• _Exercise description_
Down to the last character, repeat the entries beneath this task.

##### Records to use

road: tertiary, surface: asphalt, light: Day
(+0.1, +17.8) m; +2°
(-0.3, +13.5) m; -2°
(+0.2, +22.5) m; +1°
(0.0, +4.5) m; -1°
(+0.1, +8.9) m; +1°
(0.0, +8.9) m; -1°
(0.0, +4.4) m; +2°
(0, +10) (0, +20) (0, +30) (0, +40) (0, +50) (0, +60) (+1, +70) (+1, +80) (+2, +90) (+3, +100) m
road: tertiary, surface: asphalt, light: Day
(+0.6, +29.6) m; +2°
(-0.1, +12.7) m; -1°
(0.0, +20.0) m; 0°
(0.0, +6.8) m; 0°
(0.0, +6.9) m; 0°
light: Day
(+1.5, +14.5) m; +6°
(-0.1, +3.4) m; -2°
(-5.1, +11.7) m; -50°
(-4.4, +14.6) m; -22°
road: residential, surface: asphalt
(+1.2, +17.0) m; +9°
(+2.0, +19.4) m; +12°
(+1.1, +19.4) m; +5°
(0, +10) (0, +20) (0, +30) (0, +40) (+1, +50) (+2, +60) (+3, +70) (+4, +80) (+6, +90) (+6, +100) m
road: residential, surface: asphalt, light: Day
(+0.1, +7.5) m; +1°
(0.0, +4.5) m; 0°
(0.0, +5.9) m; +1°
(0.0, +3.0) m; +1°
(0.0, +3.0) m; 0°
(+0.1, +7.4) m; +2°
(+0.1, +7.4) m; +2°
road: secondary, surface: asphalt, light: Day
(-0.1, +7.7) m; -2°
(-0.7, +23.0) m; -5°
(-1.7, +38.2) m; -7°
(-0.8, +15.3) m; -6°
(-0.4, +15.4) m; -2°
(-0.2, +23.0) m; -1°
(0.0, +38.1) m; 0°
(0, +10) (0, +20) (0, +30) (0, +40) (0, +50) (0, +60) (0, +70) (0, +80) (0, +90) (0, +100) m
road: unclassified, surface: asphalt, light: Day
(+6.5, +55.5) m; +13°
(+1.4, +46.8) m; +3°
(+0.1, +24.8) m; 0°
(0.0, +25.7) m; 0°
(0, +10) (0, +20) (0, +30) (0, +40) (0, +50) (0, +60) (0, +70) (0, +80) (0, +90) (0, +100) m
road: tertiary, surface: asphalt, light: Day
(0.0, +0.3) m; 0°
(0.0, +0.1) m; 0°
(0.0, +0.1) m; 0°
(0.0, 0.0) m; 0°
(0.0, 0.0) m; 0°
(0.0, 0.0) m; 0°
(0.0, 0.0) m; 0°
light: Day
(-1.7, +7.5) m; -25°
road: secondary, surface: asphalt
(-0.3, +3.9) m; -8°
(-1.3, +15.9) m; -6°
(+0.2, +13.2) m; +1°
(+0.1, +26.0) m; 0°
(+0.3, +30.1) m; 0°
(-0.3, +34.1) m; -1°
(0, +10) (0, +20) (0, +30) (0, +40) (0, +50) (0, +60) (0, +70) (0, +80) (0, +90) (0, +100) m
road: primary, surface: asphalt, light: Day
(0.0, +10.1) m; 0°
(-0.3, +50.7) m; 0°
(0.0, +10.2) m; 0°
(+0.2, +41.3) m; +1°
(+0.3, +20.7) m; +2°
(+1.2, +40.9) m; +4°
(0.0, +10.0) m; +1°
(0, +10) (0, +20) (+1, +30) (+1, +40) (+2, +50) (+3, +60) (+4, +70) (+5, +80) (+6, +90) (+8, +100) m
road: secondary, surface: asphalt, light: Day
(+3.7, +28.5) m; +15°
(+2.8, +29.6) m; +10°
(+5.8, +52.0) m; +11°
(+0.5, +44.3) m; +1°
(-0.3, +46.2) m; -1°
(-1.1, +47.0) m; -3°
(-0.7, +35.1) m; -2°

##########

• _Solution to this problem_
road: tertiary, surface: asphalt, light: Day
(+0.1, +17.8) m; +2°
(-0.3, +13.5) m; -2°
(+0.2, +22.5) m; +1°
(0.0, +4.5) m; -1°
(+0.1, +8.9) m; +1°
(0.0, +8.9) m; -1°
(0.0, +4.4) m; +2°
(0, +10) (0, +20) (0, +30) (0, +40) (0, +50) (0, +60) (+1, +70) (+1, +80) (+2, +90) (+3, +100) m
road: tertiary, surface: asphalt, light: Day
(+0.6, +29.6) m; +2°
(-0.1, +12.7) m; -1°
(0.0, +20.0) m; 0°
(0.0, +6.8) m; 0°
(0.0, +6.9) m; 0°
light: Day
(+1.5, +14.5) m; +6°
(-0.1, +3.4) m; -2°
(-5.1, +11.7) m; -50°
(-4.4, +14.6) m; -22°
road: residential, surface: asphalt
(+1.2, +17.0) m; +9°
(+2.0, +19.4) m; +12°
(+1.1, +19.4) m; +5°
(0, +10) (0, +20) (0, +30) (0, +40) (+1, +50) (+2, +60) (+3, +70) (+4, +80) (+6, +90) (+6, +100) m
road: residential, surface: asphalt, light: Day
(+0.1, +7.5) m; +1°
(0.0, +4.5) m; 0°
(0.0, +5.9) m; +1°
(0.0, +3.0) m; +1°
(0.0, +3.0) m; 0°
(+0.1, +7.4) m; +2°
(+0.1, +7.4) m; +2°
road: secondary, surface: asphalt, light: Day
(-0.1, +7.7) m; -2°
(-0.7, +23.0) m; -5°
(-1.7, +38.2) m; -7°
(-0.8, +15.3) m; -6°
(-0.4, +15.4) m; -2°
(-0.2, +23.0) m; -1°
(0.0, +38.1) m; 0°
(0, +10) (0, +20) (0, +30) (0, +40) (0, +50) (0, +60) (0, +70) (0, +80) (0, +90) (0, +100) m
road: unclassified, surface: asphalt, light: Day
(+6.5, +55.5) m; +13°
(+1.4, +46.8) m; +3°
(+0.1, +24.8) m; 0°
(0.0, +25.7) m; 0°
(0, +10) (0, +20) (0, +30) (0, +40) (0, +50) (0, +60) (0, +70) (0, +80) (0, +90) (0, +100) m
road: tertiary, surface: asphalt, light: Day
(0.0, +0.3) m; 0°
(0.0, +0.1) m; 0°
(0.0, +0.1) m; 0°
(0.0, 0.0) m; 0°
(0.0, 0.0) m; 0°
(0.0, 0.0) m; 0°
(0.0, 0.0) m; 0°
light: Day
(-1.7, +7.5) m; -25°
road: secondary, surface: asphalt
(-0.3, +3.9) m; -8°
(-1.3, +15.9) m; -6°
(+0.2, +13.2) m; +1°
(+0.1, +26.0) m; 0°
(+0.3, +30.1) m; 0°
(-0.3, +34.1) m; -1°
(0, +10) (0, +20) (0, +30) (0, +40) (0, +50) (0, +60) (0, +70) (0, +80) (0, +90) (0, +100) m
road: primary, surface: asphalt, light: Day
(0.0, +10.1) m; 0°
(-0.3, +50.7) m; 0°
(0.0, +10.2) m; 0°
(+0.2, +41.3) m; +1°
(+0.3, +20.7) m; +2°
(+1.2, +40.9) m; +4°
(0.0, +10.0) m; +1°
(0, +10) (0, +20) (+1, +30) (+1, +40) (+2, +50) (+3, +60) (+4, +70) (+5, +80) (+6, +90) (+8, +100) m
road: secondary, surface: asphalt, light: Day
(+3.7, +28.5) m; +15°
(+2.8, +29.6) m; +10°
(+5.8, +52.0) m; +11°
(+0.5, +44.3) m; +1°
(-0.3, +46.2) m; -1°
(-1.1, +47.0) m; -3°
(-0.7, +35.1) m; -2°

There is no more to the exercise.